Comparing assorted metrics | ||||||||
---|---|---|---|---|---|---|---|---|
2009 | 2019 | 2024 | ||||||
Unemployment rate (%)* | 9.3 | 3.7 | 4.0 | |||||
Auto loan rate (60-mo term, new autos, %)§ | 6.6 | 5.4 | 7.8 | |||||
CPI-U, all items, U.S. city average (NSA)§ | 215.9 | 257.0 | 315.6 | |||||
Consumer credit (Tril. $)§ | 2.56 | 4.19 | 5.15 | |||||
Manheim UVVI§ | 131.9 | 153.9 | 204.8 | |||||
Auto loan ABS metrics* | ||||||||
Prime 60+ day DQ (%) | 0.67 | 0.41 | 0.58 | |||||
Prime losses (%) | 1.66 | 0.56 | 0.70 | |||||
Subprime 60 day DQ (%) | 4.69 | 5.11 | 5.82 | |||||
Subprime losses (%) | 9.50 | 8.17 | 8.56 | |||||
*Annual averages. §Year-end values. Source: Bureau of labor statistics, Federal Reserve, St. Louis Fed, Manheim Used Vehicle Value Index, and S&P Global Ratings. |
Car Payments, Auto Loan Delinquencies Rising
The average payment for a financed new vehicle was approximately $703 in calendar year 2024, up from $529 in 2019, per S&P Global Mobility data.
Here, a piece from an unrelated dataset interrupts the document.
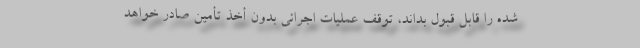
شده را قابل قبول بداند، توقف عملیات اجرائی بدون أخذ تأمین صادر خواهد

Similarly, the average payment for a used vehicle was up from just under $400 in third-quarter 2019 to about $520 as of third-quarter 2024, according to Experian. Adding to the increasing burden of monthly payments are rising insurance premiums. According to the Bureau of Labor Statistics, auto insurance costs rose an average of 18% in 2024 following a 17% increase in 2023 (see chart 1). Auto loan interest rates and overall consumer prices (CPI-U) have risen as well.
Chart 1
Higher Debt Levels
Higher debt levels have started to weigh on a growing number of consumers. Credit card balances (revolving debt in chart 2) increased to a record $1.38 trillion (non-seasonally adjusted) as of the end of 2024. Meanwhile, accounts with 60% or higher utilization rates are transitioning to delinquency status at rates that surpass pre-pandemic levels, according to Liberty Street Economics' May 14, 2024, edition. In addition to higher unsecured debt levels, we are also seeing greater use of buy-now, pay-later (BNPL) arrangements, especially among younger consumers with low credit scores. The risk is that, unlike credit cards, BNPL obligations are generally not reported on credit bureau reports, thus giving lenders an unclear picture of these consumers' overall debt levels. Chart 2 shows the overall amount of consumer credit outstanding from 2006 to 2024, separated into its various components.
Chart 2
The resumption of government student loan payments poses another obstacle for consumers. In October 2023, after four years of forbearance, an estimated 24 million borrowers with federal student loan payments suspended at the onset of the COVID-19 pandemic were required to resume payments, which average approximately $300 per month. Many of these consumers may not have budgeted for the resumption of their student loan payments, and may have even taken on additional debt, hoping their student loans would eventually be forgiven given the various proposals under the prior administration.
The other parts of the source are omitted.